The court found the facts generally as above narrated, and also that the transfer by Higgins to his wife of said note and mortgage was made for a valuable consideration and without intent to hinder, delay, or defraud the creditors of the husband, and at a time when the latter was not insolvent, in these respects rejecting the contentions of the defendant as set up in his answer to the amended supplemental complaint. The court concluded as matter of law that at the time of the commencement of the action and of the trial of the cause said Sarah A. Higgins was entitled to the possession of said personal property, and rendered its judgment accordingly and for her costs. The defendant appeals.

[1] In the briefs of counsel for the respective parties hereto quite a number of legal propositions are discussed, *Page 138 with copious citations of and extracts from cases pro and con; but to our minds most, if not all, of these questions are not necessary of decision herein in the face of the foregoing facts as found by the trial court, which findings an inspection of the record shows to have been based upon conflicting testimony.
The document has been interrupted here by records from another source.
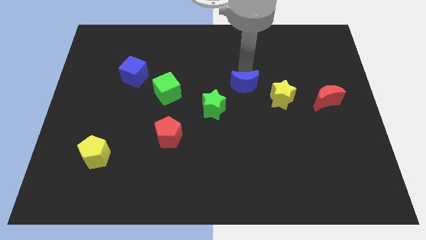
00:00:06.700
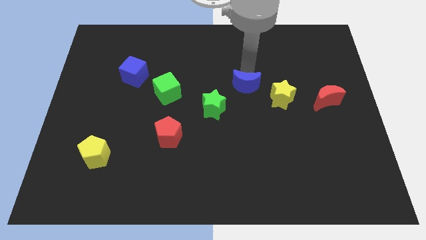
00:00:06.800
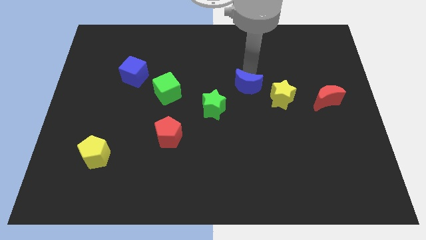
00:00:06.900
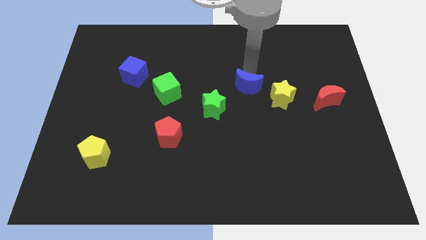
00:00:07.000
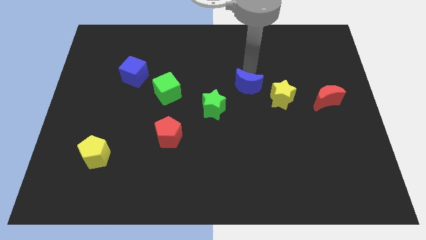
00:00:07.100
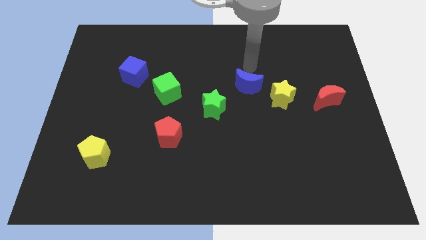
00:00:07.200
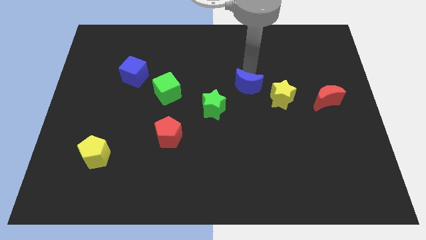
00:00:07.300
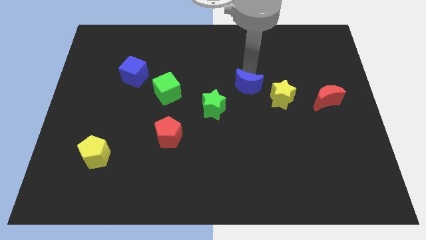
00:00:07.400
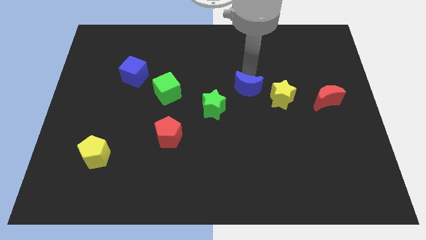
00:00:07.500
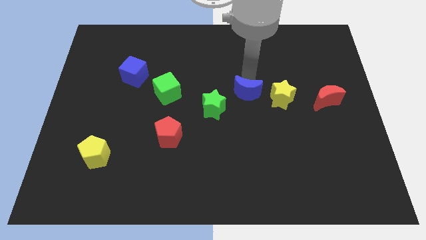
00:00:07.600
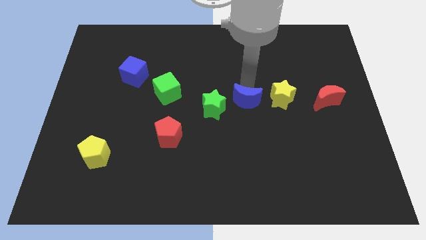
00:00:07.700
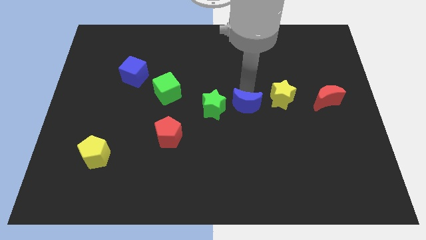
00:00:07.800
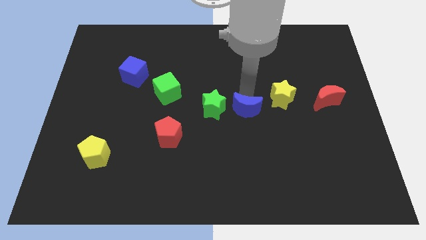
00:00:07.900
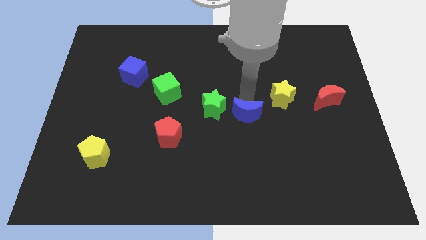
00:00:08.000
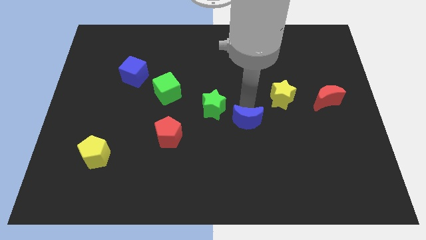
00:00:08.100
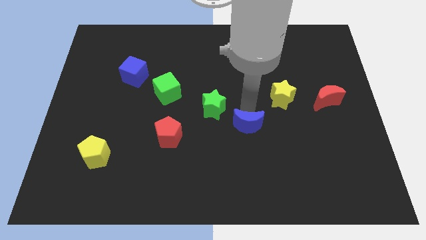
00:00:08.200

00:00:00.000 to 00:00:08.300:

If, for example, the evidence supports — as we think it does — the finding of the trial court that B. B. Higgins was not insolvent at or prior to the date of his transfer of the note and mortgage in question to his wife, and that such transfer was based upon a sufficient consideration and was not fraudulent as to his creditors, then it follows as a legal conclusion requiring no citation to support it that the note and mortgage so transferred were not subject to attachment some fifteen months after the said transfer at the suit of one of the creditors of said B. B. Higgins, and hence that the defendant, as the sheriff levying such attachment, can found no right to withhold said note and mortgage from the rightful owner thereon; and thus the fact that B. B. Higgins thereafter went into bankruptcy becomes an immaterial factor in the decision of this case.

[2] As to the right of a husband and wife acting in good faith to enter into an oral agreement with respect to what shall be done with the proceeds of the sale of their homestead property by the terms of which such proceeds are to be transferred to the wife, we have no doubt as to the validity of such an oral understanding when the same has been fully executed by the making of such transfer. (Freitas v. Freitas,31 Cal.App. 16, [159 P. 611]; Hussey v. Castle, 41 Cal. 239;Bates v. Babcock, 95 Cal. 479, [29 Am. St. Rep. 133, 16 L.R.A. 745, 30 P. 605]; Ferrell v. Stanley, 83 Kan. 491, [33 L.R.A. (N.S.) 777, 112 P. 155].)

The foregoing two propositions are decisive of the case at bar, since under either the defendant herein cannot be heard to question the correctness of the court's conclusion based, as we have seen, upon findings in favor of the plaintiff on evidence which, while conflicting, sufficiently supports the plaintiff's case.

Judgment affirmed.

Knight, J., pro tem., and Waste, P. J., concurred.